In the listing that follows, the range to quote begins at the line that has "바로 24기도 속으로 이런 말이 있습니다 기도는 근본에 있어서" and ends after the line that has "שבשמיים ובארץ. שניים מי יודע."; quote it verbatim and add nothing.

--- RECORDS SUPPLIED ---
★ ★ ★ ★ ★ ★ ★

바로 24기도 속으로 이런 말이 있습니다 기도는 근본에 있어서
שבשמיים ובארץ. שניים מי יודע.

★ ★ ★ ★ ★ ★ ★

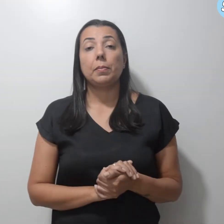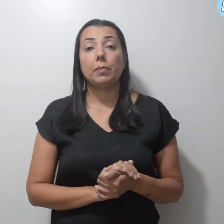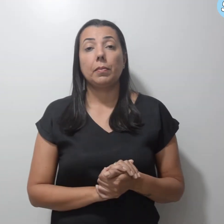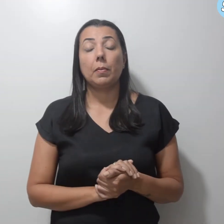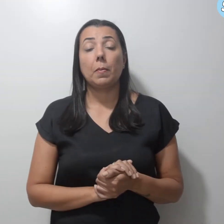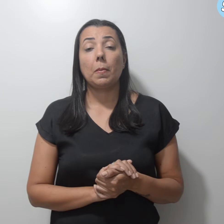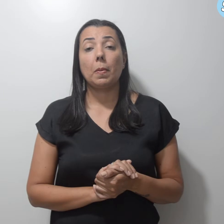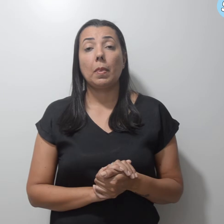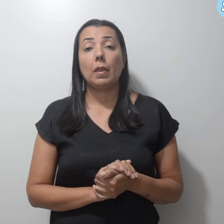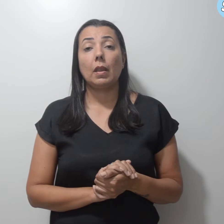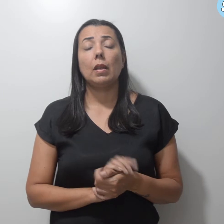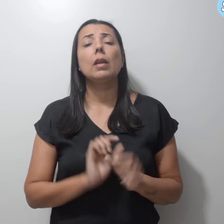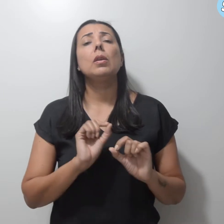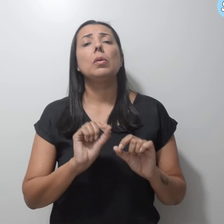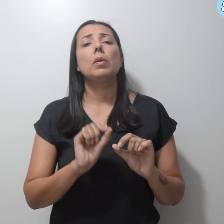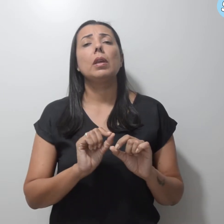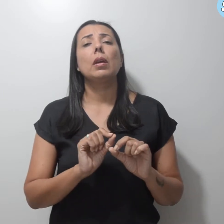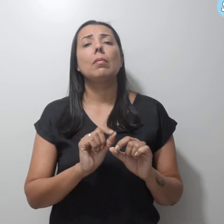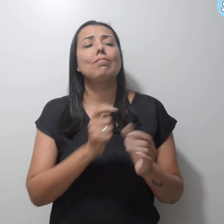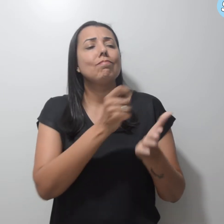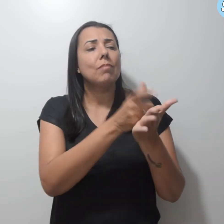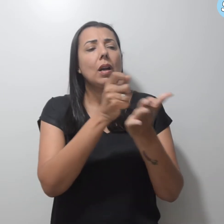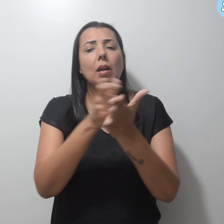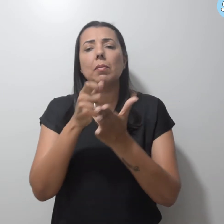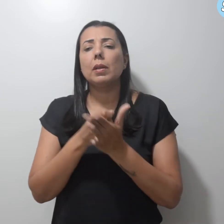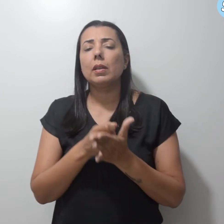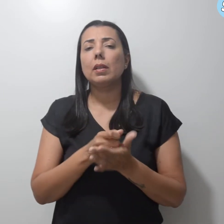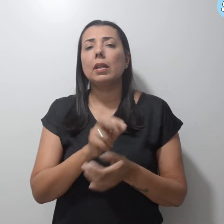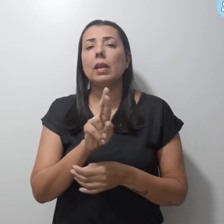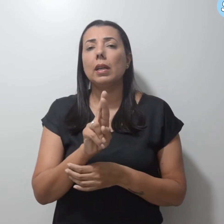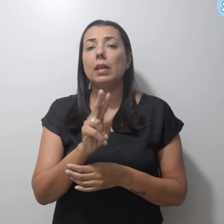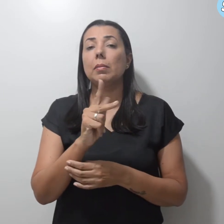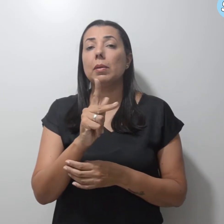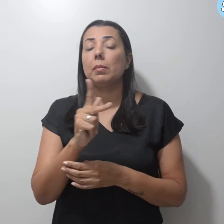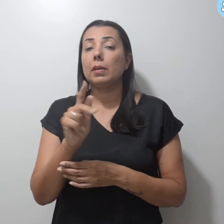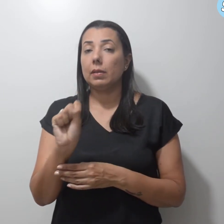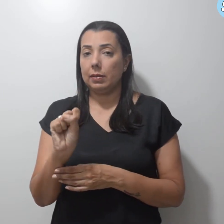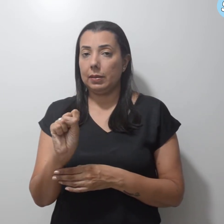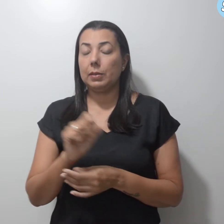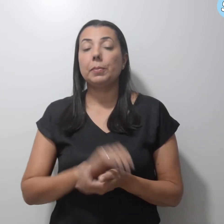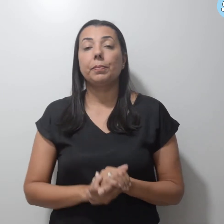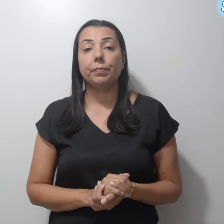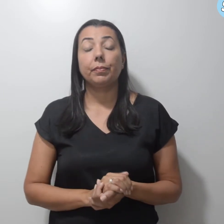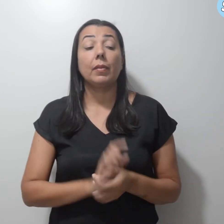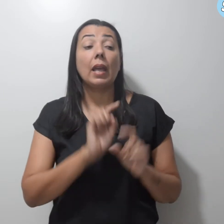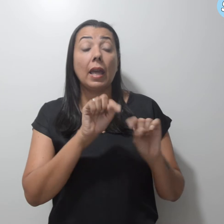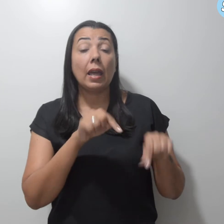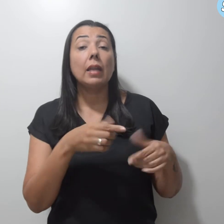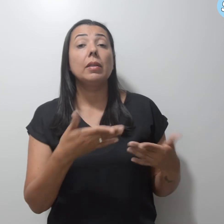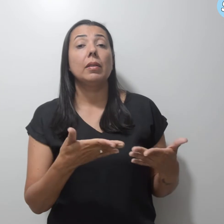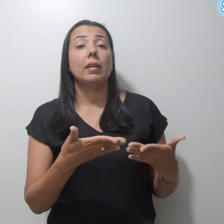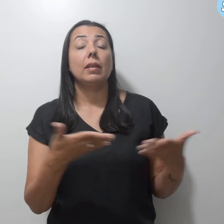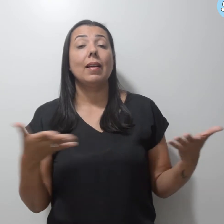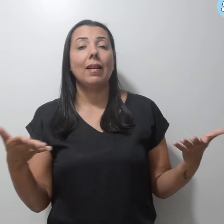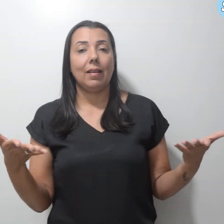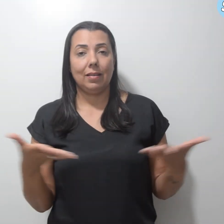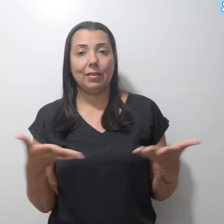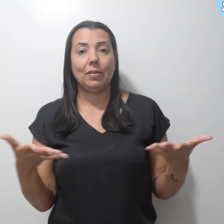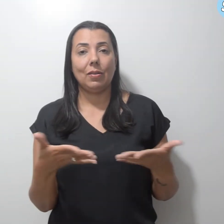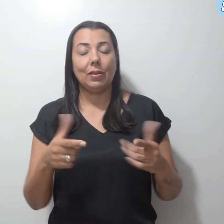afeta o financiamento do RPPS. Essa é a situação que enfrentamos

★ ★ ★ ★ ★ ★ ★

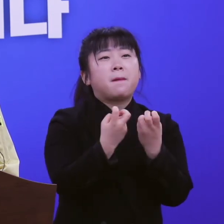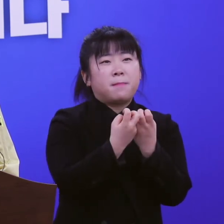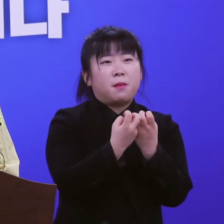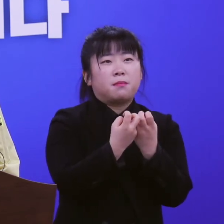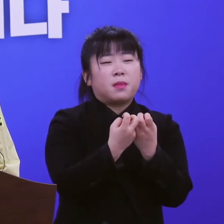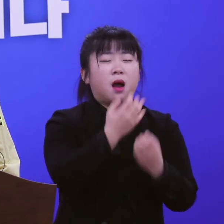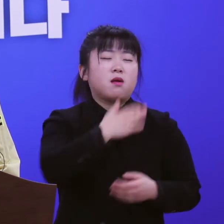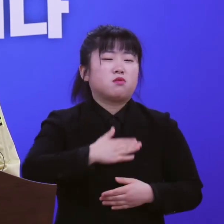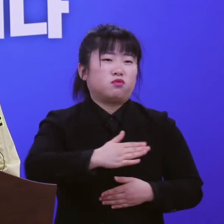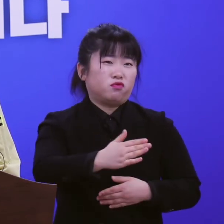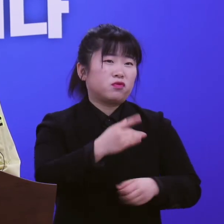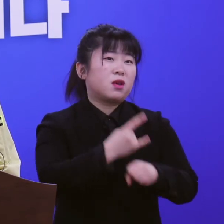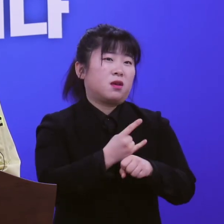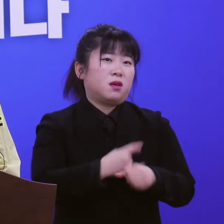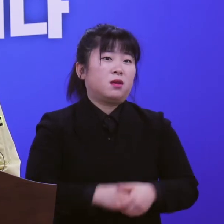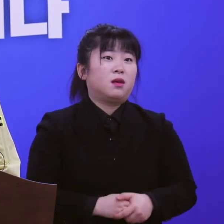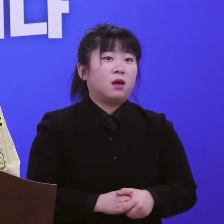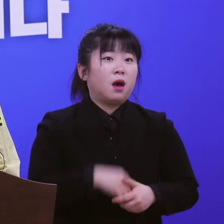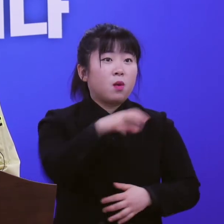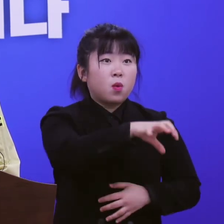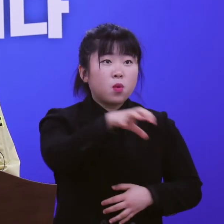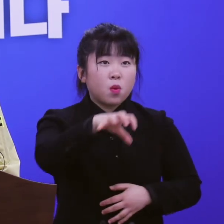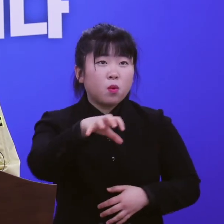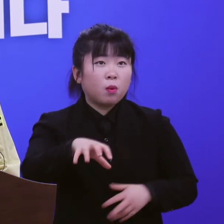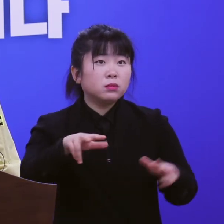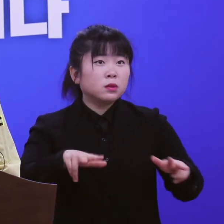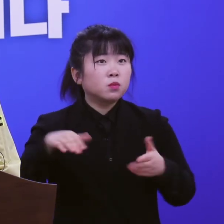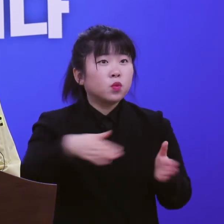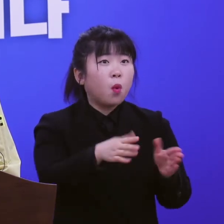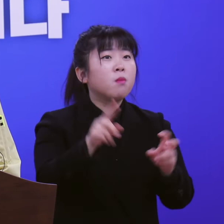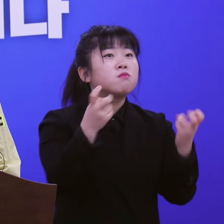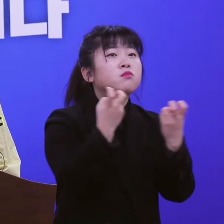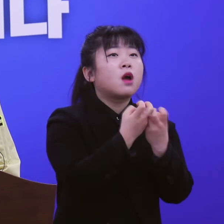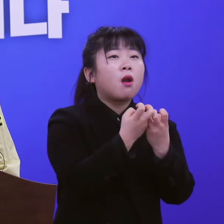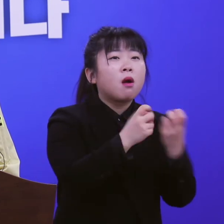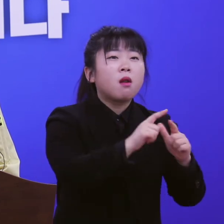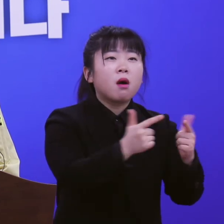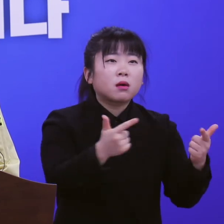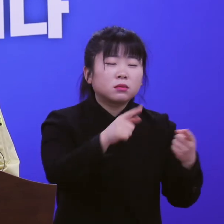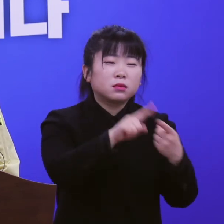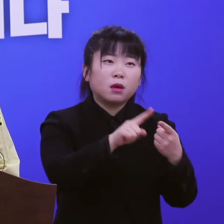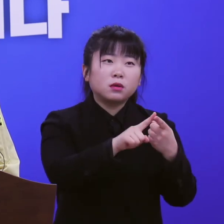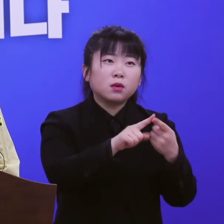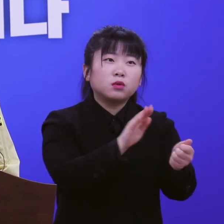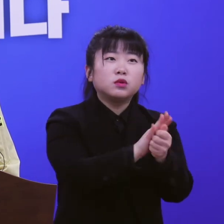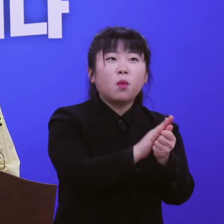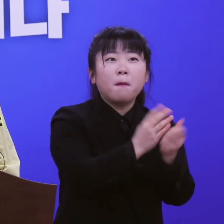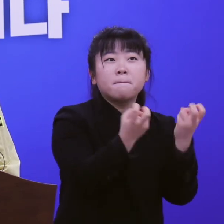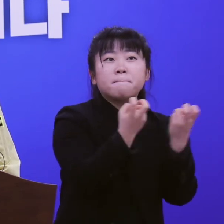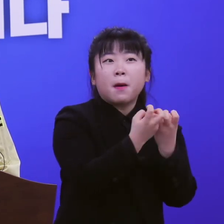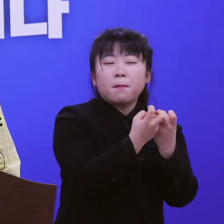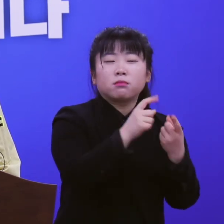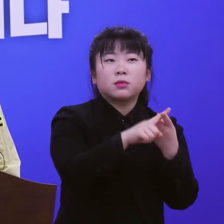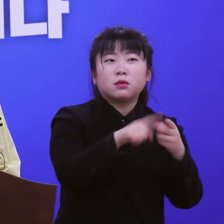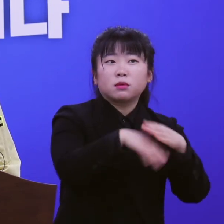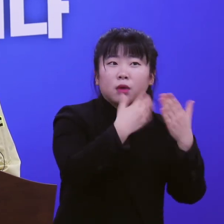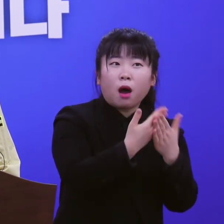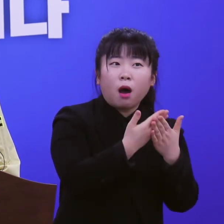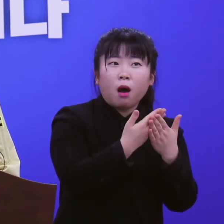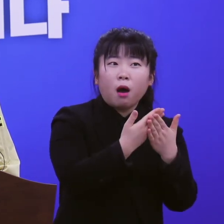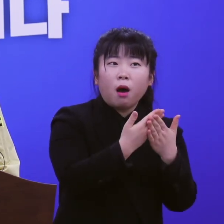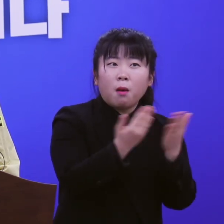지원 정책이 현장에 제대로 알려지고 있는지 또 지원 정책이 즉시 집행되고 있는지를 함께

★ ★ ★ ★ ★ ★ ★

--- SOLUTION TO THIS EXERCISE ---
바로 24기도 속으로 이런 말이 있습니다 기도는 근본에 있어서
שבשמיים ובארץ. שניים מי יודע.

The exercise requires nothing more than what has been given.